SAFT force fields for coarse-grained MD simulations
Seminar Room 1, Newton Institute
A dangerous over-confidence now prevails in the assumption that detailed all-atom or united-atom models which are used to represent the properties of fluid molecules (e.g. the OPLS-type potentials) are sufficient to describe molecular systems with a precision that supplements experiments. More than 1% of all recent articles published in the open science and engineering community deal with molecular simulations at this level and in some cases the accuracy of the results is taken for granted. The fitting of parameter of the force fields is, however, still rather unsophisticated as compared to other aspects of computer modelling. Common practice is to hand fit a few parameters to a few experimental data points (e.g., a radial distribution function, solubility data and/or enthalpies at a given temperature or phase state).
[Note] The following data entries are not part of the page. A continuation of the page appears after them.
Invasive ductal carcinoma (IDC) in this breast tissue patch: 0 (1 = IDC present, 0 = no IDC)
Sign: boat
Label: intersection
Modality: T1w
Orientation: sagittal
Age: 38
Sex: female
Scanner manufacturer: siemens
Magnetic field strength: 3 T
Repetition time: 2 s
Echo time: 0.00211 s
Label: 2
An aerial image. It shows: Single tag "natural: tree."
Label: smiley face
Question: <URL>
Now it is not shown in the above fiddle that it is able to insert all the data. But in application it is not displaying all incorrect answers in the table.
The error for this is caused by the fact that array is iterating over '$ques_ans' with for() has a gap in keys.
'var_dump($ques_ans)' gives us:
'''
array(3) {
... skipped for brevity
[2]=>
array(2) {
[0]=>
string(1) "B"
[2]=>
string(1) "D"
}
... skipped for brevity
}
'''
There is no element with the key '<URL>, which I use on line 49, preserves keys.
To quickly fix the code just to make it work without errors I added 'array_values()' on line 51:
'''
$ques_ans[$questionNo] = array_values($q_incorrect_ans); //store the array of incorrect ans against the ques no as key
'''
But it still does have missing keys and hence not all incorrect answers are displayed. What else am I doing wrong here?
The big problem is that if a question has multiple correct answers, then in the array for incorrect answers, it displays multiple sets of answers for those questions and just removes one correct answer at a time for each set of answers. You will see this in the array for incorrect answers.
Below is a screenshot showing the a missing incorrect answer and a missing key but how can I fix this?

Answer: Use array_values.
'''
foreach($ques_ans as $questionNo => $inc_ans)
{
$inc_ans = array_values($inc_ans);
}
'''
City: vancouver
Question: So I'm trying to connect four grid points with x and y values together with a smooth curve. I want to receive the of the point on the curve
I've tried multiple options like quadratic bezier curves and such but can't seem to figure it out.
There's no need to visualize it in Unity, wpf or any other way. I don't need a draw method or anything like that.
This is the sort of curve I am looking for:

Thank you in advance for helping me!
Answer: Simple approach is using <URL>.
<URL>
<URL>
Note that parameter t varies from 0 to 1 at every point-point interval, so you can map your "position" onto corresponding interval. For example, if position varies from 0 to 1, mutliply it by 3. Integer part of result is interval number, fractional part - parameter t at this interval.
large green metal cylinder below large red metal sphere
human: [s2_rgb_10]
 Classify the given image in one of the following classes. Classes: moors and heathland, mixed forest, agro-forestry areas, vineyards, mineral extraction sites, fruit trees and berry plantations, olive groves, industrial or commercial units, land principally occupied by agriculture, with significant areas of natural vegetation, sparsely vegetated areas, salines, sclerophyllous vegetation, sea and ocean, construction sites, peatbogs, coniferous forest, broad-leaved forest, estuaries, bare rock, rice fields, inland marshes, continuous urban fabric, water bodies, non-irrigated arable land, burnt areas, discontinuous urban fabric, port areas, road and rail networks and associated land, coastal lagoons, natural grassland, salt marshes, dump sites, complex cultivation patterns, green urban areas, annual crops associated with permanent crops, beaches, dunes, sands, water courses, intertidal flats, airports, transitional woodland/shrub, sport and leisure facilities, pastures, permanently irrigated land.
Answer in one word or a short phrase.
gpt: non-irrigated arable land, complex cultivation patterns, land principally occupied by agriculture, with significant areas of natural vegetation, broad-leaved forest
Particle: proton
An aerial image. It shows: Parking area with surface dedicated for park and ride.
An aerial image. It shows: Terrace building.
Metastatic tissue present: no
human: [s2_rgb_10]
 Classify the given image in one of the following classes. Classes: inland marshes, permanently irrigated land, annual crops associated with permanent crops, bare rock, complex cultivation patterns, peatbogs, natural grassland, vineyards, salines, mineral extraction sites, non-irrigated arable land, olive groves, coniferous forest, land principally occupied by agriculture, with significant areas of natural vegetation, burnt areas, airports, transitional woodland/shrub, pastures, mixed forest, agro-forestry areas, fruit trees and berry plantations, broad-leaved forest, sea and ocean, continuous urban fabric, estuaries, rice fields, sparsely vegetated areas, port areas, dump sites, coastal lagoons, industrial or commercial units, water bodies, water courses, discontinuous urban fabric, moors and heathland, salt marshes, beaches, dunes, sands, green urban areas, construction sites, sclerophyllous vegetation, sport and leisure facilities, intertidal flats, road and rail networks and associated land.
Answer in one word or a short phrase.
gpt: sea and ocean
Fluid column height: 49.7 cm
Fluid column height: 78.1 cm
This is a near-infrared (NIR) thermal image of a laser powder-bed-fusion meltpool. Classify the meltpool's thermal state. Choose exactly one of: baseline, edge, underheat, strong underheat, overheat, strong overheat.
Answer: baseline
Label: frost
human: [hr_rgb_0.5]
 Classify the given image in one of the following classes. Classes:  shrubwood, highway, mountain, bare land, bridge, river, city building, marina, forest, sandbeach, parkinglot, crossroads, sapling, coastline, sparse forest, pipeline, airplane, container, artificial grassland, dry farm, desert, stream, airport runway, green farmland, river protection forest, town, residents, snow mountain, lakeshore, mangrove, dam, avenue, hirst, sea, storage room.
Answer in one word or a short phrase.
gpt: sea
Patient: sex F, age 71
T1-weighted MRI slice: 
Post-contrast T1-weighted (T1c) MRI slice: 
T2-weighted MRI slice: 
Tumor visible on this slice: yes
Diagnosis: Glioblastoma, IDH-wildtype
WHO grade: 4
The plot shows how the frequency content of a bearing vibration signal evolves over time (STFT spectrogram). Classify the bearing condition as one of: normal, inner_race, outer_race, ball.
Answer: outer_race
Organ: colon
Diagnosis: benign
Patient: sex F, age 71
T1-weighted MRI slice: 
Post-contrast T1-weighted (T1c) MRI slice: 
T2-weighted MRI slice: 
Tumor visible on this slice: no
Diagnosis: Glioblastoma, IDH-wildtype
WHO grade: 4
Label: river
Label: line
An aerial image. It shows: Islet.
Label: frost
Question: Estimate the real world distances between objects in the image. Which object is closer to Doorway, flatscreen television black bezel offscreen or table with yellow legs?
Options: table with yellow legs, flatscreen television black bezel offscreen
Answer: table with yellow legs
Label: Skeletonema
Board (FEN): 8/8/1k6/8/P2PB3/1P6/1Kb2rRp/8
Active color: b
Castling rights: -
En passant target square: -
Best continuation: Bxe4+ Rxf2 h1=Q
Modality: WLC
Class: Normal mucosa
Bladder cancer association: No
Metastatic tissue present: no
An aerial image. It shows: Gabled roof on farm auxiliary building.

In this contribution we propose a new way of obtaining the required force field parameters. In our methodology one requires access to a physical-based equation of state that describes the complete Helmholtz free energy in closed algebraic form, i.e., an equation of state (EoS) that is based on a defined intermolecular potential. Such an equation can then be used to explore a very large parameter space to estimate the locally optimal parameter set that provides an optimal description of the available macroscopical experimental data. This parameter set represents not just a unique fit to a single temperature or density, but rather an over-arching average. If the equation of state is expressed in terms of the free energy of the system for a well defined intermolecular potential, it can be used to develop a “top-down averaged” intermolecular potential. Here we follow this line of thought and present a proof-of-concept of such methodology, employing a recently developed EoS of the Statistical Associating Fluid Theory (SAFT) family using the so-called Mie intermolecular potential.